[Task to complete]
Write the data out again, character for character, with no images.

(Data shown Opens)

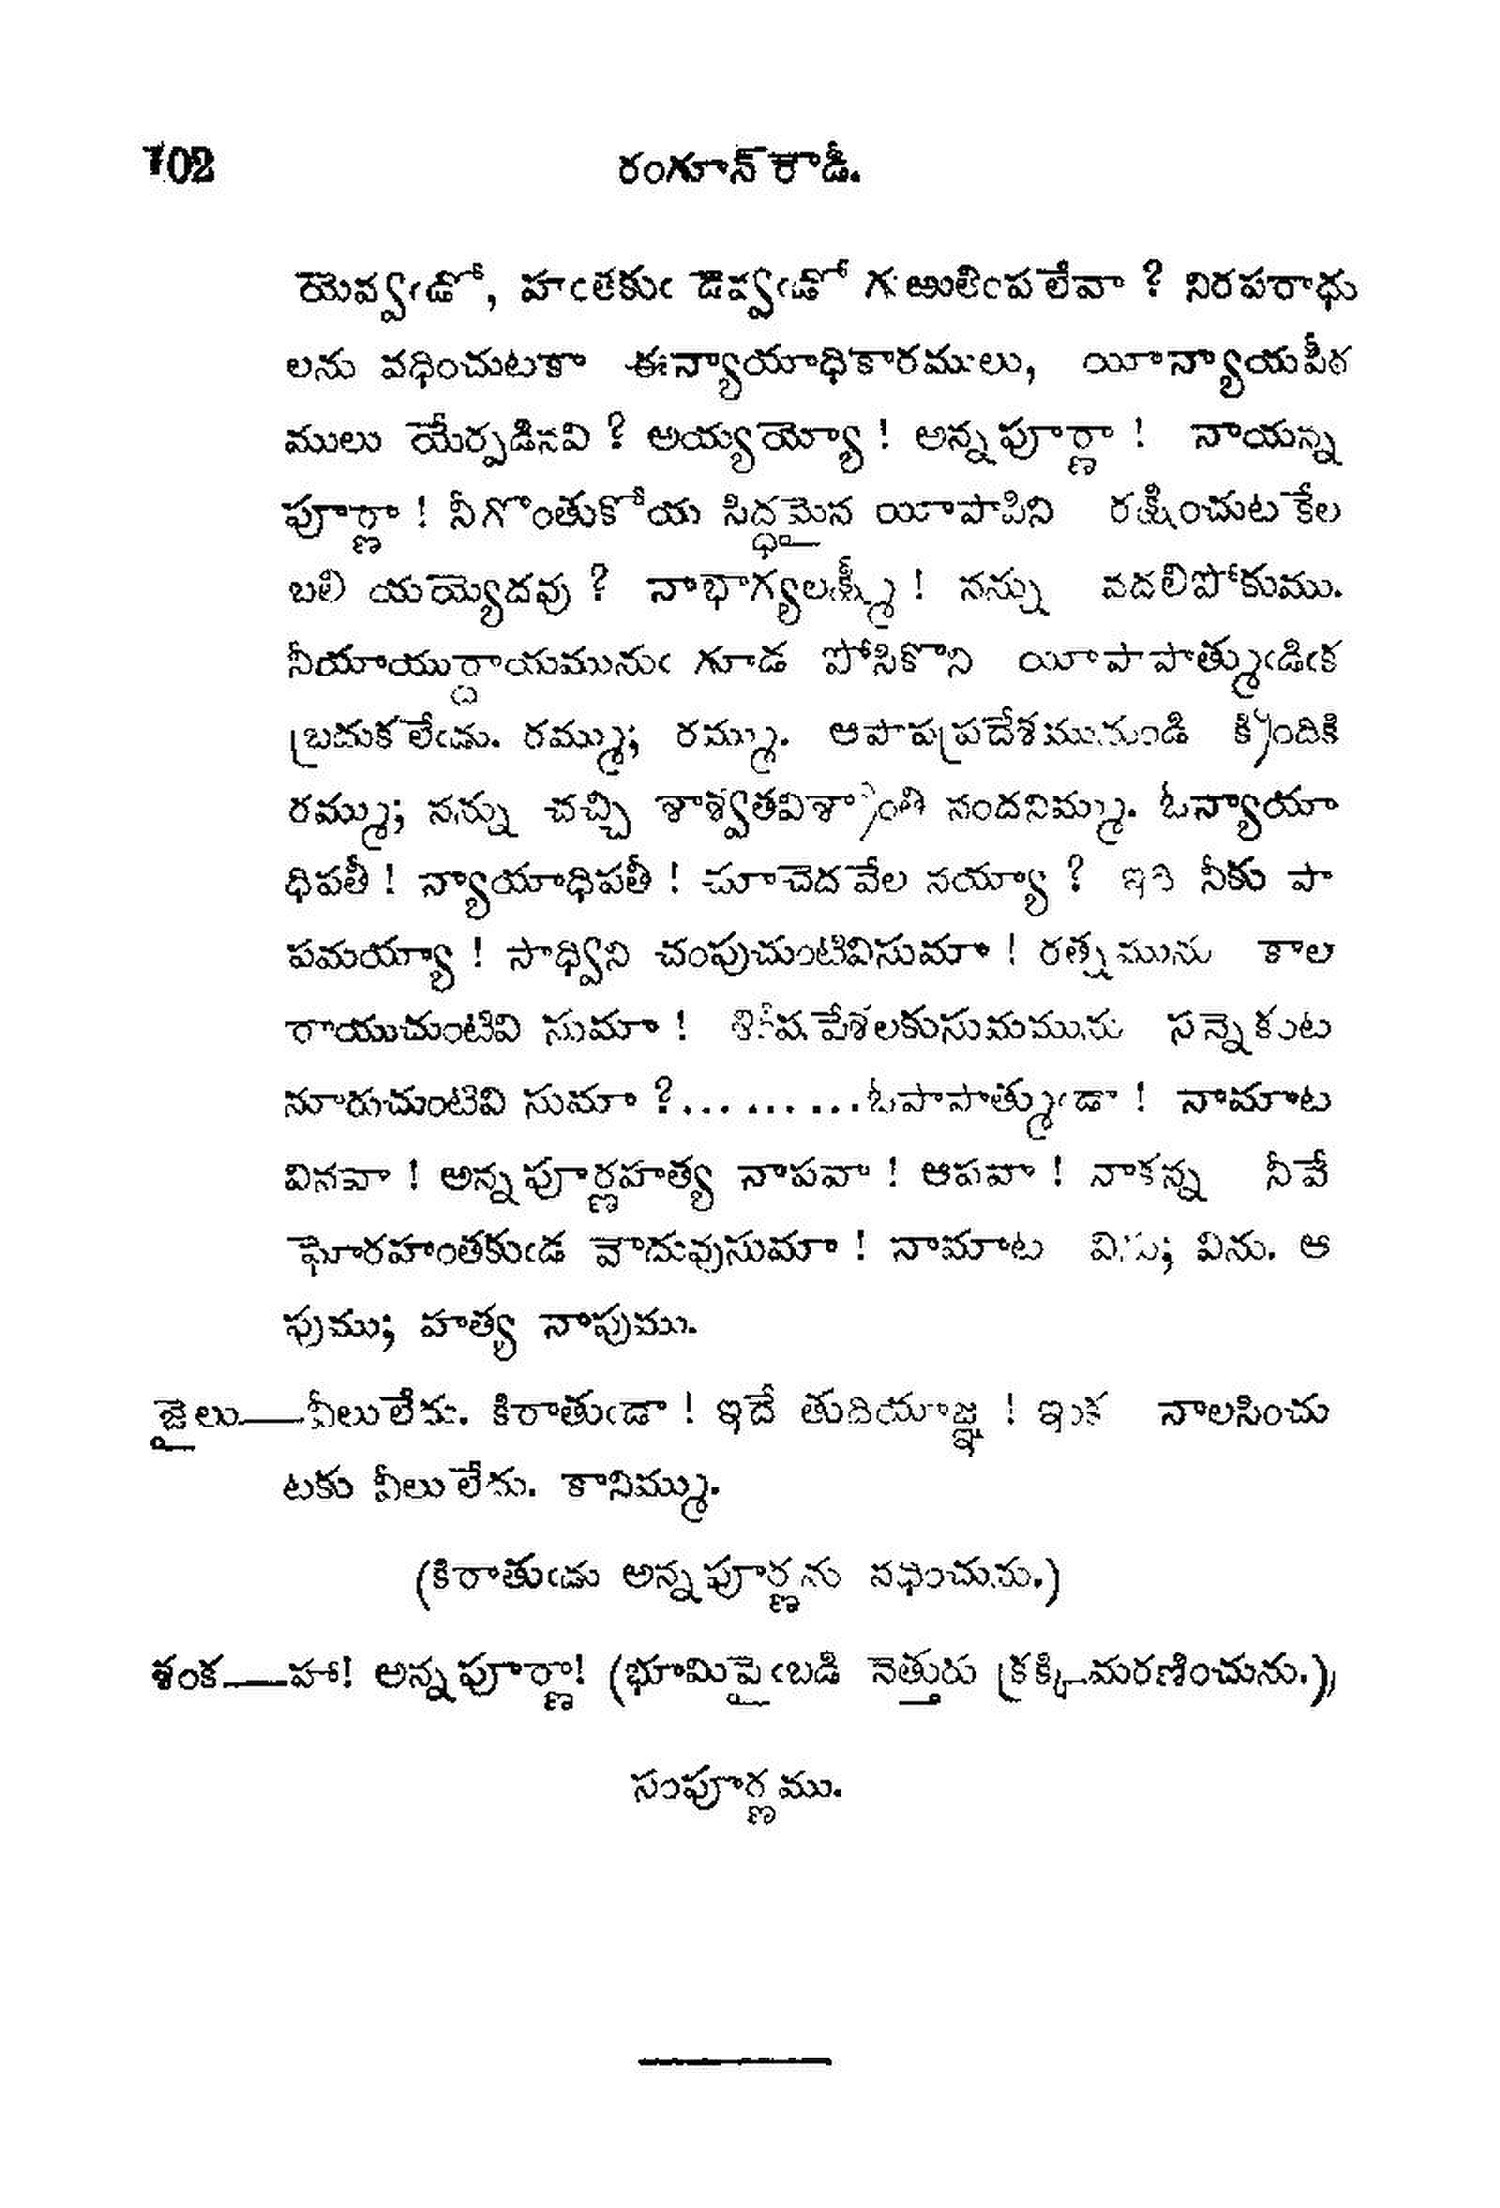యెవ్వఁడో, హంతకుఁ డెవ్వడో గుఱుతింప లేవా ? నిరపరాధులను వధించుటకా ఈన్యాయాధికారములు, యీన్యాయపీఠములు యేర్పడినవి ? అయ్యయ్యో ! అన్నపూర్ణా ! నాయన్నపూర్ణా ! నీగొంతుకోయ సిద్ధమైన యీపాపిని రక్షించుటకేల బలి యయ్యెదవు ? నాభాగ్యలక్ష్మి ! నన్ను వదలిపోకుము. నీయాయుర్దాయమునుఁ గూడ పోసికొని యీపాపాత్ముఁడిఁక బ్రదుకలేఁడు. రమ్ము; రమ్ము. ఆపాపప్రదేశమునుండి క్రిందికి రమ్ము; నన్ను చచ్చి శాశ్వతవిశ్రాంతి నందనిమ్ము. ఓన్యాయాధిపతీ ! న్యాయాధిపతీ ! చూచెదవేల నయ్యా ? ఇది నీకు పాపమయ్యా ! సాధ్విని చంపుచుంటివిసుమా ! రత్నమును కాలరాయుచుంటివి సుమా ! శిరీషపేశలకుసుమమును సన్నెకంట నూరుచుంటివి సునూ ?... ... ... ఓ పాపాత్ముఁడా" ! నామాట వినవా ! అన్నపూర్ణహత్య నాపవా ! ఆపవా ! నాకన్న నీవే ఘోరహంతకుఁడ వౌదువుసుమా ! నామాట విను; విను. ఆపుము; హత్య నాపుము.

జైలు — వీలులేదు. కిరాతుఁడా ! ఇదే తుదియాజ్ఞ ! ఇక నాలసించుటకు వీలులేదు. కానిమ్ము.

శంక - హా! అన్నపూర్ణా! (భూమిపైఁబడి నెత్తురు క్రక్కిమరణించును.)

__________

(Data shown Closes)

[Result for this task]
యెవ్వఁడో, హంతకుఁ డెవ్వడో గుఱుతింప లేవా ? నిరపరాధులను వధించుటకా ఈన్యాయాధికారములు, యీన్యాయపీఠములు యేర్పడినవి ? అయ్యయ్యో ! అన్నపూర్ణా ! నాయన్నపూర్ణా ! నీగొంతుకోయ సిద్ధమైన యీపాపిని రక్షించుటకేల బలి యయ్యెదవు ? నాభాగ్యలక్ష్మి ! నన్ను వదలిపోకుము. నీయాయుర్దాయమునుఁ గూడ పోసికొని యీపాపాత్ముఁడిఁక బ్రదుకలేఁడు. రమ్ము; రమ్ము. ఆపాపప్రదేశమునుండి క్రిందికి రమ్ము; నన్ను చచ్చి శాశ్వతవిశ్రాంతి నందనిమ్ము. ఓన్యాయాధిపతీ ! న్యాయాధిపతీ ! చూచెదవేల నయ్యా ? ఇది నీకు పాపమయ్యా ! సాధ్విని చంపుచుంటివిసుమా ! రత్నమును కాలరాయుచుంటివి సుమా ! శిరీషపేశలకుసుమమును సన్నెకంట నూరుచుంటివి సునూ ?... ... ... ఓ పాపాత్ముఁడా" ! నామాట వినవా ! అన్నపూర్ణహత్య నాపవా ! ఆపవా ! నాకన్న నీవే ఘోరహంతకుఁడ వౌదువుసుమా ! నామాట విను; విను. ఆపుము; హత్య నాపుము.

జైలు — వీలులేదు. కిరాతుఁడా ! ఇదే తుదియాజ్ఞ ! ఇక నాలసించుటకు వీలులేదు. కానిమ్ము.

శంక - హా! అన్నపూర్ణా! (భూమిపైఁబడి నెత్తురు క్రక్కిమరణించును.)

__________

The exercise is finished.